Millions of Cats, Wanda Gág, 1928
This plot line would never fly in our household given the family cat allergies. A little old woman decides that a family pet will solve the loneliness in her marriage and sends the little old man out to find a cat. His indecision proves too much, and he abducts every stray cat on what I only assume the locals refer to as CAT MOUNTAIN. He returns to their tiny, lonely home with “Hundreds of cats, Thousands of cats, Millions and billions and trillions of cats.” When they realize that they can’t feed trillions of cats, they pit the felines against each other in a death match until there’s only one kitten that hasn’t been EATEN BY THE OTHER CATS.
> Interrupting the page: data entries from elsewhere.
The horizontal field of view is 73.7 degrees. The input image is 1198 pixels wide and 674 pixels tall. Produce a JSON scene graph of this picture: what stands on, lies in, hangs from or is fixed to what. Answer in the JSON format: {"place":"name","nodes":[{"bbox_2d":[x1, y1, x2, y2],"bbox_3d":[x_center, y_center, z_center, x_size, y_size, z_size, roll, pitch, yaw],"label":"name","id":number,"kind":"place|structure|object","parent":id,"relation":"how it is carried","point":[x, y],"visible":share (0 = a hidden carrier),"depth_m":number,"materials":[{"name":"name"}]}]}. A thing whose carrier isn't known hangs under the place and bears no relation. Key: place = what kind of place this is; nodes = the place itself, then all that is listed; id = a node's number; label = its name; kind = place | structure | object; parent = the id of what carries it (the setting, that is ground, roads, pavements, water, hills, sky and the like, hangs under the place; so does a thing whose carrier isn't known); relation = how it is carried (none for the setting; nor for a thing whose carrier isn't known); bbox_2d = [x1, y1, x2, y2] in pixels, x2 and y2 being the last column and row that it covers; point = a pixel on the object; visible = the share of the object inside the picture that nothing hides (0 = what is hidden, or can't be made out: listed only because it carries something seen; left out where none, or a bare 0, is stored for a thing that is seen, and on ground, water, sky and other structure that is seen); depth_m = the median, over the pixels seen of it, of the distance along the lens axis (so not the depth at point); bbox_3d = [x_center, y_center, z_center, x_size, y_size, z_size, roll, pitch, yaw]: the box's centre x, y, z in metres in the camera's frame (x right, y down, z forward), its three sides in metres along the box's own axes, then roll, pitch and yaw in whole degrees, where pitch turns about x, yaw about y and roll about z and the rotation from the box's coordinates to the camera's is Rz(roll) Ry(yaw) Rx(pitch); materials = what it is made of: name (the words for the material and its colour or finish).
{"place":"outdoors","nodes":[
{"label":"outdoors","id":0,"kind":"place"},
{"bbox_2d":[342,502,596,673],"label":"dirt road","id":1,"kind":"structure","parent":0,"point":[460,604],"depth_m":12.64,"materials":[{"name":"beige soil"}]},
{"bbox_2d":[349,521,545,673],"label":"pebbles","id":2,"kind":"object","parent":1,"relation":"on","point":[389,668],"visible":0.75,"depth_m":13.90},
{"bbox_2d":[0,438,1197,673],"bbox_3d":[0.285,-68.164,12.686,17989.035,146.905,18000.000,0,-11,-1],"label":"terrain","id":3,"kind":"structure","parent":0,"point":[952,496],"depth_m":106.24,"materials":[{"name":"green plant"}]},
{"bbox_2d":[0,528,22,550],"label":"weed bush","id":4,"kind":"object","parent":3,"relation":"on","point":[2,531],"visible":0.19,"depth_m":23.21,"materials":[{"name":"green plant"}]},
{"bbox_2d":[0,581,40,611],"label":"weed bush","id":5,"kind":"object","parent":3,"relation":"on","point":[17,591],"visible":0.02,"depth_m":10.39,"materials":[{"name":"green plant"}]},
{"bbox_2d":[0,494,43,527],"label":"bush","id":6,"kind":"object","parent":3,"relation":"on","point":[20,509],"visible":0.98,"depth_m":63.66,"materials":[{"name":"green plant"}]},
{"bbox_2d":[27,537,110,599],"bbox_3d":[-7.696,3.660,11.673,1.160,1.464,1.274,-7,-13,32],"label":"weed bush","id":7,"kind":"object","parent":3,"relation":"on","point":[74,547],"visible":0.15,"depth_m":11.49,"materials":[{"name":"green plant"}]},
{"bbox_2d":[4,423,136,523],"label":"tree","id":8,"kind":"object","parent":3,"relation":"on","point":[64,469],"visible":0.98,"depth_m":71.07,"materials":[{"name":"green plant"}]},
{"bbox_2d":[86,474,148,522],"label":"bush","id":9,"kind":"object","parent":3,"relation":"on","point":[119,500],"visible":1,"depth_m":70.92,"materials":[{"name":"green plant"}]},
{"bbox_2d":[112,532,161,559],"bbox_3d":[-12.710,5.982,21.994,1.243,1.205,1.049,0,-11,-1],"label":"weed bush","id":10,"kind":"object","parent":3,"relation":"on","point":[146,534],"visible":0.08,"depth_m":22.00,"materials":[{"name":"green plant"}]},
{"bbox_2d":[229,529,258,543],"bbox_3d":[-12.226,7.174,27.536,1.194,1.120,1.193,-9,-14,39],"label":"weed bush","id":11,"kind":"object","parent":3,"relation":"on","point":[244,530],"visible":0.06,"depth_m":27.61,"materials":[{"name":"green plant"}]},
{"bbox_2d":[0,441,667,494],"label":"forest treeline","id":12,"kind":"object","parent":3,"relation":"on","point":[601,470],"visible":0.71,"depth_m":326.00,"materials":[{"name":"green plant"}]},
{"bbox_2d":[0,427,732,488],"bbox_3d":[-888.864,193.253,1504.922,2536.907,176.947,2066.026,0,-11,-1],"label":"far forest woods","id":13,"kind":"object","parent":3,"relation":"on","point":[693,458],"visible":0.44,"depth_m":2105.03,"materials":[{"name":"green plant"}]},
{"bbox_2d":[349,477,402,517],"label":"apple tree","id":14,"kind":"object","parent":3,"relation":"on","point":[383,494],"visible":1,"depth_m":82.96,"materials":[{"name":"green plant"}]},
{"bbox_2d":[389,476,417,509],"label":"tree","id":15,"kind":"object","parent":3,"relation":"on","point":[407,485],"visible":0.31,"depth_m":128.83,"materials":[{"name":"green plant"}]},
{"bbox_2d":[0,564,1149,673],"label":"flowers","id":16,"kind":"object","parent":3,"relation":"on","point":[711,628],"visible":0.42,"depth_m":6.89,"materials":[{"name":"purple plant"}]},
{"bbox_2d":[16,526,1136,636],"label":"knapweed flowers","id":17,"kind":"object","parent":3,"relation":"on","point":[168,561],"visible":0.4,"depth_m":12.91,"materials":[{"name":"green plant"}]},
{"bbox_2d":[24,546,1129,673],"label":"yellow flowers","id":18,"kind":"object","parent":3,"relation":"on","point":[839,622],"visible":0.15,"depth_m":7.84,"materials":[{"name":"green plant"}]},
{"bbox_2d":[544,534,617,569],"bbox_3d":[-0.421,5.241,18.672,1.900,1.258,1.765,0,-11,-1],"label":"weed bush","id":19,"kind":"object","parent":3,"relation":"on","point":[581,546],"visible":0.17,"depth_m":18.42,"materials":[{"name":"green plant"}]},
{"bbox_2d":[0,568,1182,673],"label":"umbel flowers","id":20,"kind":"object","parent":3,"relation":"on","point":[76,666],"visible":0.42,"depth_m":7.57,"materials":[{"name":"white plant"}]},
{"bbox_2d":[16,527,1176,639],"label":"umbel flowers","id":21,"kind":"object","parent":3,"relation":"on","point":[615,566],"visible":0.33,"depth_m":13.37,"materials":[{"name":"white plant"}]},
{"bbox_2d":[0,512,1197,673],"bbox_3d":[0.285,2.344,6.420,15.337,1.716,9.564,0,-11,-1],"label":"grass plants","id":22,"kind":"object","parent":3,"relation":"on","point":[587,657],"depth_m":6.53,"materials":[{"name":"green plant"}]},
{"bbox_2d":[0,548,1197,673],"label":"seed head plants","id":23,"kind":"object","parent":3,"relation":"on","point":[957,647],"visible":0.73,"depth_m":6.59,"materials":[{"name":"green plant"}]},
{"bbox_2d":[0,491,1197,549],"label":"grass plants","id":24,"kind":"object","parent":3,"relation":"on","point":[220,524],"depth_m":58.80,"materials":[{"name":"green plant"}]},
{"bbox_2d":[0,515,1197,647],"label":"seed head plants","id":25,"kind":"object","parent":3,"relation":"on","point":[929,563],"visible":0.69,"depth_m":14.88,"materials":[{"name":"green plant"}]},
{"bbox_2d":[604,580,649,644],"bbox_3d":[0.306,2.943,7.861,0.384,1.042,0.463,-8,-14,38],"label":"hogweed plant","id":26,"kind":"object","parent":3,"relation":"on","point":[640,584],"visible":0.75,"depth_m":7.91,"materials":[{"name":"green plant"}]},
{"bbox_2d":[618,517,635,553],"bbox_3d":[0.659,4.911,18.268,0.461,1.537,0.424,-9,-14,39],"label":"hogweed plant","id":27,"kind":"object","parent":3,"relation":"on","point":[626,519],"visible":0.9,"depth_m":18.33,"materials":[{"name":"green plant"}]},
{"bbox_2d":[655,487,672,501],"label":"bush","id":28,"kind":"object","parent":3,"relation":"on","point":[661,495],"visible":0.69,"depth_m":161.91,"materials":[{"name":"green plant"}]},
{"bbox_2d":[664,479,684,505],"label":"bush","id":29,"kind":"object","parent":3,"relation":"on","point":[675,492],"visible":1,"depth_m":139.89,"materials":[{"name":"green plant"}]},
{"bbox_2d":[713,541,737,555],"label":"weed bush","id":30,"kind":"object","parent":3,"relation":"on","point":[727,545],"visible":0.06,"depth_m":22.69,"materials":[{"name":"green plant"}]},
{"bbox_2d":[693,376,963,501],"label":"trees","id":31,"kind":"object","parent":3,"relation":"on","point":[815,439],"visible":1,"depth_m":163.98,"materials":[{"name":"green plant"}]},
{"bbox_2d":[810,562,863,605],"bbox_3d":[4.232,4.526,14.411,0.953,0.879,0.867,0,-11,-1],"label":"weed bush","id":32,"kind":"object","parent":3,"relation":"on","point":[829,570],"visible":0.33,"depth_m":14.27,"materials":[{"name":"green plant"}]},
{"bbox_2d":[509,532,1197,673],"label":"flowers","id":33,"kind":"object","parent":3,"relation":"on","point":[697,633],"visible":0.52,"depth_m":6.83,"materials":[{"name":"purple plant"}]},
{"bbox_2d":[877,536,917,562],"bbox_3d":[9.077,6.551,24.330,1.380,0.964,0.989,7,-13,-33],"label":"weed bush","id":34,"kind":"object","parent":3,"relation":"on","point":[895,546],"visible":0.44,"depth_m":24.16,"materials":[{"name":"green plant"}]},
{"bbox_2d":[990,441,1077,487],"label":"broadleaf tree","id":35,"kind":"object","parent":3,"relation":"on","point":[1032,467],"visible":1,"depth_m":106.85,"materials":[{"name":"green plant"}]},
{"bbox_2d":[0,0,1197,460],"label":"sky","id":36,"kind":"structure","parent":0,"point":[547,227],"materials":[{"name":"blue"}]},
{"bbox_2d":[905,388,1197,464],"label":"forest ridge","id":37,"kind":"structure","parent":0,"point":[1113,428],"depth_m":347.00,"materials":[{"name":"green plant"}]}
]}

I’m unsure, but it seems like the moral is “humility will save you from mutual mass destruction.” Perhaps a better lesson learned is “STOP STEALING THINGS FROM THEIR HABITATS. It’s unsustainable and destructive.”
Of course, 1928 was a different time, post-Great War and pre-Great Depression, so I guess you could take whatever you could carry in abundance ’cause there was always more where that came from. The ’20s were ROARING!
The best part about this book is the artwork. The double-page spread was Gág’s innovation and it invokes the movement of billions of cats marching towards their inevitable demise. Her folk-style illustrations compliment the literary devices of rhythm, repetition, and refrain typical of oral tradition.
I’m glad the one remaining kitten solved the couple’s mutual ennui. I like the lyric repetition and the cats are pretty cute.